A Good Laugh - Courtesy of Me - pdc {P}
I saw the comment before the mod got to it, and I didn't get the joke! :-(
A Good Laugh - Courtesy of Me - helicopter
I hesitate to poke my head up over the parapet again but I'm glad that you were not corrupted by my deleted post pdc.

I submitted what I thought was an old hairy chestnut of a double entendre in a spirit of fun but it referred back to a previous post which was also deleted (in a humorous fashion) by the mods.

I have had my wrist slapped and accepted it.Its over, finished.

However I have to say I have been told much worse and what I consider more offensive jokes by a vicar of my acquaintance but thats another story ( which I will not be posting).

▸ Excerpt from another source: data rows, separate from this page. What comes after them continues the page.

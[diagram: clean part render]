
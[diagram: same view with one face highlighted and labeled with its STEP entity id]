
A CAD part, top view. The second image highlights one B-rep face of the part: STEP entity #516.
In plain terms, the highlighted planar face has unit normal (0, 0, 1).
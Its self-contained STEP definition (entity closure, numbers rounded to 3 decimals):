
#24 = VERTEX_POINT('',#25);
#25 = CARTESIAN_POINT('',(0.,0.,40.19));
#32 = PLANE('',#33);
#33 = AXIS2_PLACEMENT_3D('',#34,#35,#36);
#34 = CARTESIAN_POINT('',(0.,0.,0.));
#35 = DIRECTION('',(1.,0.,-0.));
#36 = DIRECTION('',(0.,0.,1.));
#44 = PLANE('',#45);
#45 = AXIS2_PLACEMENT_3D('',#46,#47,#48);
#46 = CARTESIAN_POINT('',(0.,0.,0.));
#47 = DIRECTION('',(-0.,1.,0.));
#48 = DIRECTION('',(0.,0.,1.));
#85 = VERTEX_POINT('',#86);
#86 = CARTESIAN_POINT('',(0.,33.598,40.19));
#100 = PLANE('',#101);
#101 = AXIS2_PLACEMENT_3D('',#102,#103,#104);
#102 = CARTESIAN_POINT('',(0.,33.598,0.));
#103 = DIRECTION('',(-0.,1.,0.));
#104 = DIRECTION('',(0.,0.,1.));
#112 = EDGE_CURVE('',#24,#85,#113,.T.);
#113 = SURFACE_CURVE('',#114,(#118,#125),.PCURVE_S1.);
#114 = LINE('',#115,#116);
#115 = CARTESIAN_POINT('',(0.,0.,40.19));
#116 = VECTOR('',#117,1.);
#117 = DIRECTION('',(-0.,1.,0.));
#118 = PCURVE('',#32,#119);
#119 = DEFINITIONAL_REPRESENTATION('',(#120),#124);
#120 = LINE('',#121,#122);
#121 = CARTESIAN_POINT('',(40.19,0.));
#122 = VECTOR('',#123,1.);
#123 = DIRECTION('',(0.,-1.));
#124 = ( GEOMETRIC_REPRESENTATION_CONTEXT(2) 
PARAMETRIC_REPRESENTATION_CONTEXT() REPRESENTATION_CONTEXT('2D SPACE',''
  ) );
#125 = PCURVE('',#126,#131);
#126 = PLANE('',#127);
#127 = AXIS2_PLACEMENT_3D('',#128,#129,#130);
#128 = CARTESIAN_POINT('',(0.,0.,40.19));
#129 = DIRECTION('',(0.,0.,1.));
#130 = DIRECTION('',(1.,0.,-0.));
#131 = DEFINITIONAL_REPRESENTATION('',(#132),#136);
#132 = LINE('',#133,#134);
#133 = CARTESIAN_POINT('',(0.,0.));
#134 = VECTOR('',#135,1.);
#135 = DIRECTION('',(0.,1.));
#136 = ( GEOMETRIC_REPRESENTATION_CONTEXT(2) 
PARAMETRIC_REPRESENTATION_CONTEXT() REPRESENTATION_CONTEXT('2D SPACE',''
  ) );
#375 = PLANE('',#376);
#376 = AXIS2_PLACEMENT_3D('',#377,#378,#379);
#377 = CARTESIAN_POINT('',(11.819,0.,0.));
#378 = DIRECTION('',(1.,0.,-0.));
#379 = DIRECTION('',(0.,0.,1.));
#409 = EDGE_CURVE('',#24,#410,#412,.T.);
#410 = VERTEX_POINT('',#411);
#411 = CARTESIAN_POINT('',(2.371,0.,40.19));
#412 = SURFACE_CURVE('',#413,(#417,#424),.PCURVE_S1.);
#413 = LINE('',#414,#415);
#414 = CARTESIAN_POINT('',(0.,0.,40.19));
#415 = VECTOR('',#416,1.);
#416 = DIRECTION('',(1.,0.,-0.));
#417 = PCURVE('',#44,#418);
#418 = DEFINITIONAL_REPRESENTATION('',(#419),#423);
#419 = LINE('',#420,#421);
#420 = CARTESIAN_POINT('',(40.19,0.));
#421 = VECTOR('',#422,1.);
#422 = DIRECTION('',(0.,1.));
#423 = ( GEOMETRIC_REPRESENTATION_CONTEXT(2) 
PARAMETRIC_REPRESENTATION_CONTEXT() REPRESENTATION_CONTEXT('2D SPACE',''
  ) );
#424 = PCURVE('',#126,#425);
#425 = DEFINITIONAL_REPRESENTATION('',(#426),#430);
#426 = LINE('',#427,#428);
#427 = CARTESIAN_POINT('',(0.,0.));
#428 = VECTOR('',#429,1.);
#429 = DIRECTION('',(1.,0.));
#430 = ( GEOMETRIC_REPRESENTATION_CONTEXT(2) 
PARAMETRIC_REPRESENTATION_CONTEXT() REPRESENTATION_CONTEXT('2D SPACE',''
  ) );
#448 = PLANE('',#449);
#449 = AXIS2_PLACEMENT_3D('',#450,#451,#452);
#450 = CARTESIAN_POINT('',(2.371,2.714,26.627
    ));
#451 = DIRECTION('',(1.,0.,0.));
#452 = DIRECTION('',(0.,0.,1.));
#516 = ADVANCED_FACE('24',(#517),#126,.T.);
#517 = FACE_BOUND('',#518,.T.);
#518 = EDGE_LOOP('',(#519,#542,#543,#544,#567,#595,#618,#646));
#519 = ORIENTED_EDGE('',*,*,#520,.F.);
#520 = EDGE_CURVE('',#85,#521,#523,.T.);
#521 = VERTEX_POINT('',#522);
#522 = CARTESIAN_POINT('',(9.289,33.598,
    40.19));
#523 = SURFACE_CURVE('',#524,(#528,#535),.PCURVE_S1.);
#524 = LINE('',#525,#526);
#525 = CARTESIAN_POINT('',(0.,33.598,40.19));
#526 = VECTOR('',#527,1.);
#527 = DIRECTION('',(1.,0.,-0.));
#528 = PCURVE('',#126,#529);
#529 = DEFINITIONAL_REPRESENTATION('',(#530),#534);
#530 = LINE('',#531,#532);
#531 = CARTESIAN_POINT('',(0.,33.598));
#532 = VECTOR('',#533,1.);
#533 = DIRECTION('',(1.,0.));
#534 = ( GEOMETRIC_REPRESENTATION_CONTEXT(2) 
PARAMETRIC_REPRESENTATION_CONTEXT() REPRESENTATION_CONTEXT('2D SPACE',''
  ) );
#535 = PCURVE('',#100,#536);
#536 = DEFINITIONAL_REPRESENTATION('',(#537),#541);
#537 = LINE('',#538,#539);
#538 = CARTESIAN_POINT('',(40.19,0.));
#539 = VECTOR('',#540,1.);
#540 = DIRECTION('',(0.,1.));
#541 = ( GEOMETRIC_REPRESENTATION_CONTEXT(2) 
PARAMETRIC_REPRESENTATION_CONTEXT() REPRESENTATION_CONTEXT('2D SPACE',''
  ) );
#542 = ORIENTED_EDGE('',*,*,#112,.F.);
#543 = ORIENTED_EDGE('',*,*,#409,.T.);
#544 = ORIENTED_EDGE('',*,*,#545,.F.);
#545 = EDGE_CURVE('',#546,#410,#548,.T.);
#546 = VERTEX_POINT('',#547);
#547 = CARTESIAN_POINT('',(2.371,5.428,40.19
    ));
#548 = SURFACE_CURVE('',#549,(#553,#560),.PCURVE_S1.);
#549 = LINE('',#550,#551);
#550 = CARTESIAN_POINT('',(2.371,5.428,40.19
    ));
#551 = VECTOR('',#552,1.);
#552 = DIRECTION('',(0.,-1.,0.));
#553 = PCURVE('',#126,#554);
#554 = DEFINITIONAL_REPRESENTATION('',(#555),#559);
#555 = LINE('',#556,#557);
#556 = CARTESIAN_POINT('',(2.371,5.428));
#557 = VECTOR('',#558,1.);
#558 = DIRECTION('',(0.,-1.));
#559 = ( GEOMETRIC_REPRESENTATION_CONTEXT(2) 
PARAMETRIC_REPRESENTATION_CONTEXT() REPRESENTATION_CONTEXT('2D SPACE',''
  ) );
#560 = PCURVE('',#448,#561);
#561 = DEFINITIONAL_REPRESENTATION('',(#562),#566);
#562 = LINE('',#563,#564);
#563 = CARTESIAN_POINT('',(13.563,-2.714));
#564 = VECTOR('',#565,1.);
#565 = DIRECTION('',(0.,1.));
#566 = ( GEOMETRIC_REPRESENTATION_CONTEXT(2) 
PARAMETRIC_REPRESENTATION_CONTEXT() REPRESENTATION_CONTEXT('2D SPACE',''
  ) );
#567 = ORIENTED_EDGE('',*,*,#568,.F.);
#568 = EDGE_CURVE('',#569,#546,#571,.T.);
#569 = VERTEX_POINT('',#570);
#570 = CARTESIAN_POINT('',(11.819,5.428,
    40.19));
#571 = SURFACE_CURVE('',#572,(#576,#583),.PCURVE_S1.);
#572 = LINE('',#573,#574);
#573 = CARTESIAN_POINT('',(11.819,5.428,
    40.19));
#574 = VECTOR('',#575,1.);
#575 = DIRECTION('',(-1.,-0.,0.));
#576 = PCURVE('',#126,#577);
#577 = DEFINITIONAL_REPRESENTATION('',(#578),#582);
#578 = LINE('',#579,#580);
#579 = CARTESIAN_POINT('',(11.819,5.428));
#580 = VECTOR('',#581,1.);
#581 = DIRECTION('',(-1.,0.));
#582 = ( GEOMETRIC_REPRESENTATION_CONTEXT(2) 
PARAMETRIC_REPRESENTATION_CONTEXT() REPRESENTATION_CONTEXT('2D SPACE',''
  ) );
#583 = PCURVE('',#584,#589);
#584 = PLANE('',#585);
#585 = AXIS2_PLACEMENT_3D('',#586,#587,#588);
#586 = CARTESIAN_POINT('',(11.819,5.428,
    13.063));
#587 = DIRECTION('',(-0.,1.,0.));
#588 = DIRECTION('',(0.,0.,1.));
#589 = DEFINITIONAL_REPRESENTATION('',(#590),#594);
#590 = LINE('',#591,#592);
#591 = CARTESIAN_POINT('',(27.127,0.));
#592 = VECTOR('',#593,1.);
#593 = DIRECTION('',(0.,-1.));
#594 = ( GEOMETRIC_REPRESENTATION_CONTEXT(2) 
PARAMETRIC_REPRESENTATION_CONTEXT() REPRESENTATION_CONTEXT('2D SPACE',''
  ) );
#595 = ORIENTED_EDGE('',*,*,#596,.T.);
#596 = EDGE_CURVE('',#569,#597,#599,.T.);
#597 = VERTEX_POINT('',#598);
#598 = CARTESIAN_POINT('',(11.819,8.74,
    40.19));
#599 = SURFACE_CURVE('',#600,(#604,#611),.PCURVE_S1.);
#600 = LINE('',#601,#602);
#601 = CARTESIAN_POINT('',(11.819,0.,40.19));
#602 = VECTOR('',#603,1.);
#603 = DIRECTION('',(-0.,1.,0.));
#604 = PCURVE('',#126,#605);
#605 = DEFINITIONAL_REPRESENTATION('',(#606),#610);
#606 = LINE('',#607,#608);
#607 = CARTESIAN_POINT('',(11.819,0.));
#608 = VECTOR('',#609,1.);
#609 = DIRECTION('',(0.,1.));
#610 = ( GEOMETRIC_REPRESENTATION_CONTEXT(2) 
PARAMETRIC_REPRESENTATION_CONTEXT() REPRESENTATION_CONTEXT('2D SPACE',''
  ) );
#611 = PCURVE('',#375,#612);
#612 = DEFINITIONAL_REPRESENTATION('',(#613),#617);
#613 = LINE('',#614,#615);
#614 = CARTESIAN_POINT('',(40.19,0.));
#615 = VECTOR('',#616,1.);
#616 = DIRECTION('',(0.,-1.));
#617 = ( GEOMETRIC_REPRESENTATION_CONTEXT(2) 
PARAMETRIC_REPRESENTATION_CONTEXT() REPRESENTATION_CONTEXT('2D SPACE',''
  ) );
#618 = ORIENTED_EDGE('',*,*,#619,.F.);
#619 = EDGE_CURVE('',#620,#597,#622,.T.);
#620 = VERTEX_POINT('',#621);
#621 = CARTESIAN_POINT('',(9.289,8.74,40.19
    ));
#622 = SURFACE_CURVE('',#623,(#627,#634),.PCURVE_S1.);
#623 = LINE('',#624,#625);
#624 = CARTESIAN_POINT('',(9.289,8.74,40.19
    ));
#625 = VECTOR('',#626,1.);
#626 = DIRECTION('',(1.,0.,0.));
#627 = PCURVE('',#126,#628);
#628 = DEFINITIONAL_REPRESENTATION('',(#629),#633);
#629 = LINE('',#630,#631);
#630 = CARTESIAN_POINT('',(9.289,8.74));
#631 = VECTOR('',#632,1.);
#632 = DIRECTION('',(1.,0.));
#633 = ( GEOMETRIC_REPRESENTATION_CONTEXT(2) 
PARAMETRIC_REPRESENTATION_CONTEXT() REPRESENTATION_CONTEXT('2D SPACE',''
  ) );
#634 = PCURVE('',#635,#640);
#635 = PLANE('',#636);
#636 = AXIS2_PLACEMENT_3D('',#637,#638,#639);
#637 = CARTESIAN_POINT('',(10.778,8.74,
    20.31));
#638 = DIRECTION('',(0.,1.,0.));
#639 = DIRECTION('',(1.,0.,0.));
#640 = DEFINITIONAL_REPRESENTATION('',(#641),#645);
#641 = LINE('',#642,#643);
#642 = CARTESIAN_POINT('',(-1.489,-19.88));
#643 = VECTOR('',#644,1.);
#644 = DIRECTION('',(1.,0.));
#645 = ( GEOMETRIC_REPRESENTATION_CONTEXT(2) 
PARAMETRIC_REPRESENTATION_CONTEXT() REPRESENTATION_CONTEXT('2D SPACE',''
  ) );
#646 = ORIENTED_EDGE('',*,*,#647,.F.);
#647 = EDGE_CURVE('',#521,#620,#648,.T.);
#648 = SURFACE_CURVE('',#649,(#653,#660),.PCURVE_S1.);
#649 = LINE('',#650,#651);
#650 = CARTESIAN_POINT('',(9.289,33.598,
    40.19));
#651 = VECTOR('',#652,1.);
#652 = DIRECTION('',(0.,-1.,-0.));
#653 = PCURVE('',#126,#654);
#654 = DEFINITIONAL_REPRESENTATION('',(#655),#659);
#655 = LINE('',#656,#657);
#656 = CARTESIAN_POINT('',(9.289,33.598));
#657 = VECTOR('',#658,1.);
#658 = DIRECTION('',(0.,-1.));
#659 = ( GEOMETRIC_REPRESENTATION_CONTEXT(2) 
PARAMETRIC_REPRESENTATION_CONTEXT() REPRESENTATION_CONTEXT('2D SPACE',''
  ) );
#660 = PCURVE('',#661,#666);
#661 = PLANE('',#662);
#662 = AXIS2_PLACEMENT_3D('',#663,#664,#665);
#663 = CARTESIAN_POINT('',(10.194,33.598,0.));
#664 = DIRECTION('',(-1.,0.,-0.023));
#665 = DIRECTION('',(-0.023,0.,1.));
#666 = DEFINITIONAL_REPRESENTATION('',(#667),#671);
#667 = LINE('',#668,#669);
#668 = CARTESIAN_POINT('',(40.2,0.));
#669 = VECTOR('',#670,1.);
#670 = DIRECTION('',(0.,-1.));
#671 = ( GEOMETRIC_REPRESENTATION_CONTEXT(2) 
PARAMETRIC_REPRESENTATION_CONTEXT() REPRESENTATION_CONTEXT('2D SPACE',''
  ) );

A Good Laugh - Courtesy of Me - Mark (RLBS)
Sorry Helicopter, I wrote that more abruptly than I intended, I was obviously having a bad hair day.

Try something along the lines of "very funny, but I'd appreciate if you didn't do it again".

Mark.
A Good Laugh - Courtesy of Me - helicopter
Thanks for that Mark.

I laughed so much at your Dutch comment on deletion the first time, I was hoping to get you rushing down to the local chinese restaurant for a quick deletion in Mandarin.
A Good Laugh - Courtesy of Me - John Shelton
Back in the early 80's I was a student at Leeds Polytechnic and I used to commute into town in a Skoda S100L, when I was out on the binge one night I was driving past Spencer Place in Chapeltown, Leeds 7, when the car suddenly stopped. So me and my mate got out to push it down a side road, when all these strangely dressed women started hanging around and jeering at us, then this Afro Carribean guy walks up to us and threatens us for "upsetting his Girls" So my mate quipped that he would swap the car for a trick, and the guy just burst out laughing and wal;lked off.

One snowy night in the winter of 1982, we went for a drive to St Jameses Park in Leeds , I thought I would test the "cross country" ability of said Skoda and promptly drove it onto the frozen lake in the middle of the park........you can guess the rest.
A Good Laugh - Courtesy of Me - John Shelton
Amazingly the Skoda survived its near miss by a torpedo but what finally caused its demise was going over a bump too fast, the front of the car took off and when it landed there was a sickening crunch from the back end........the rear seat had lifted off its mounting and was somewhere near the roof,.............the offside rear suspension swinging arm had broken off the rusty floorpan , pierced the floor and come flying up into the cabin.